For Beginners: This property tells you that this layer can learn from data.
A value of true means:
- The layer can adjust its internal values during training
- It will improve its performance as it sees more data
- It has weights that are updated to make better predictions over time
Methods
Backward(Tensor<T>)
Performs the backward pass of the digit capsule layer to compute gradients.
public override Tensor<T> Backward(Tensor<T> outputGradient)
Parameters
outputGradientTensor<T>The gradient of the loss with respect to the layer's output.
Returns
- Tensor<T>
The gradient of the loss with respect to the layer's input.
Remarks
This method implements the backward pass (backpropagation) of the digit capsule layer. It computes the gradients of the loss with respect to the layer's weights and inputs, which are used to update the weights during training.
For Beginners: This is where the layer learns from its mistakes during training.
The backward pass:
- Receives information about how the network's prediction was wrong
- Calculates how each weight contributed to this error
- Determines how to adjust the weights to reduce the error next time
- Passes error information back to previous layers
It's like figuring out which ingredients in a recipe need to be adjusted after tasting the finished dish, then sharing that feedback with those who prepared the ingredients.
Exceptions
- InvalidOperationException
Thrown when backward is called before forward.
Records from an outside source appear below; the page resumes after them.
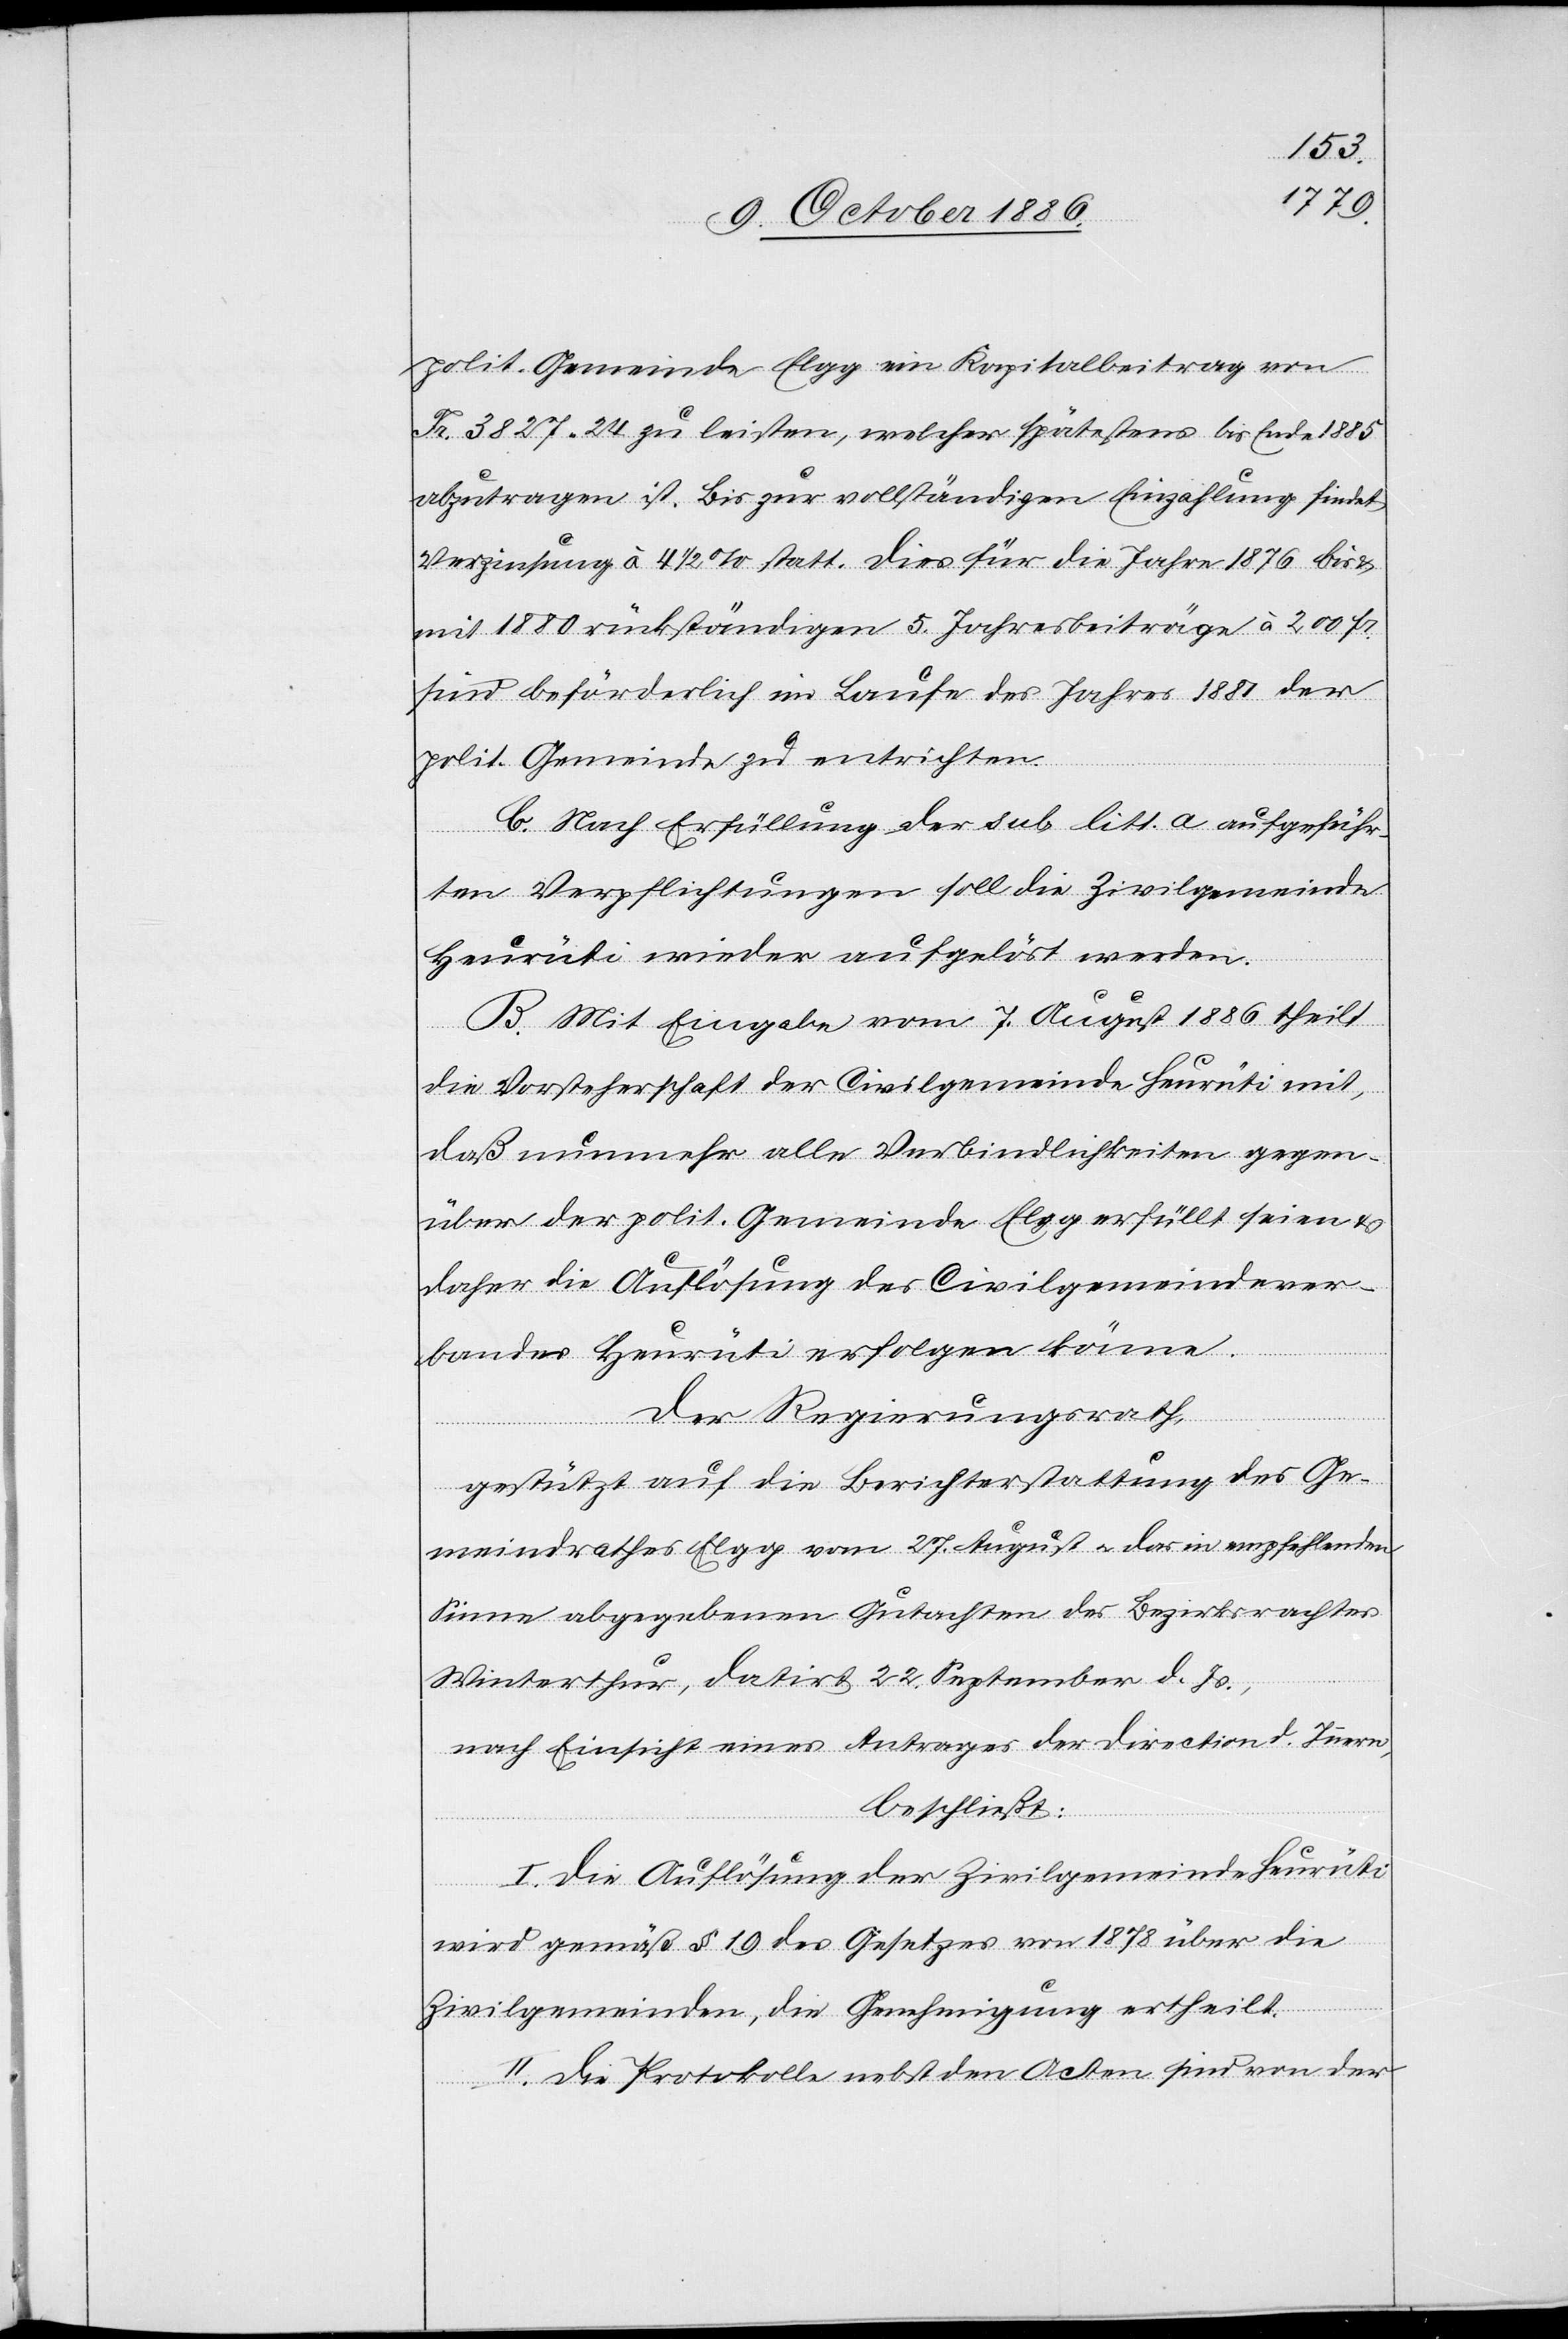
1876
polit. Gemeinde Elgg ein Kapitalbeitrag von
Fr. 3827 24 zu leisten, welcher spätestens bis Ende 1885
abzutragen ist. Bis zur vollständigen Einzahlung findet
mit 1880 rückständigen 5. Jahresbeiträge à 200 Fr.
sind beförderlich im Laufe des Jahres 1881 der
polit. Gemeinde zu entrichten.
b. Nach Erfüllung der sub litt. a aufgeführ¬
I. Die [re¬
ten Verpflichtungen soll die Zivilgemeinde
Heurüti wieder aufgelöst werden.
B. Mit Eingabe vom 7. August 1886 theilt
die Vorsteherschaft der Civilgemeinde Heurüti mit,
daß nunmehr alle Verbindlichkeiten gegen¬
über der polit. Gemeinde Elgg erfüllt seien &
daher die Auflösung des Civilgemeindever¬
bandes Heurüti erfolgen könne.
Der Regierungsrath,
gestützt auf die Berichterstattung des Ge¬
meindrathes Elgg vom 27. August & das in empfehlenden
Sinne abgegebenen [sic!] Gutachten des Bezirksrachtes
Winterthur, datirt 22. September d. Js.,
nach Einsicht eines Antrages der Direction d. Innern,
beschließt:
cte: Der] Auflösung der Zivilgemeinde Heurüti
wird gemäß § 19 des Gesetzes von 1878 über die
Zivilgemeinden, die Genehmigung ertheilt.
II. Die Protokolle nebst den Acten sind von der
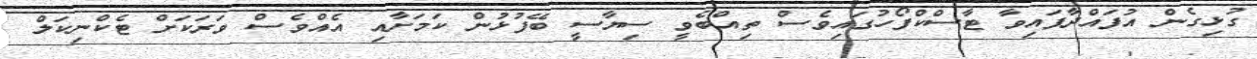
ގުޅިގެން އުފައްދާފައިވާ ޓާސްކްފޯހުގައިވެސް ތިއްބެވީ ސިޔާސީ ބޭފުޅުން ކަަމަށާއި އެއްވެސް ވަރަކަށް ޓެކްނިކަލް

ExportComputationGraph(List<ComputationNode<T>>)
Exports the layer's computation graph for JIT compilation.
public override ComputationNode<T> ExportComputationGraph(List<ComputationNode<T>> inputNodes)
Parameters
inputNodesList<ComputationNode<T>>List to populate with input computation nodes.
Returns
- ComputationNode<T>
The output computation node representing the layer's operation.
Remarks
This method constructs a computation graph representation of the layer's forward pass that can be JIT compiled for faster inference. All layers MUST implement this method to support JIT compilation.
For Beginners: JIT (Just-In-Time) compilation converts the layer's operations into optimized native code for 5-10x faster inference.
To support JIT compilation, a layer must:
- Implement this method to export its computation graph
- Set SupportsJitCompilation to true
- Use ComputationNode and TensorOperations to build the graph
All layers are required to implement this method, even if they set SupportsJitCompilation = false.
Forward(Tensor<T>)
Performs the forward pass of the digit capsule layer using dynamic routing.
public override Tensor<T> Forward(Tensor<T> input)
Parameters
inputTensor<T>The input tensor to process.
Returns
- Tensor<T>
The output tensor after capsule routing.
Remarks
This method implements the forward pass of the digit capsule layer using the dynamic routing algorithm. It transforms input capsules into predictions for each class, then iteratively refines the routing coefficients to determine how strongly each input capsule should connect to each output capsule.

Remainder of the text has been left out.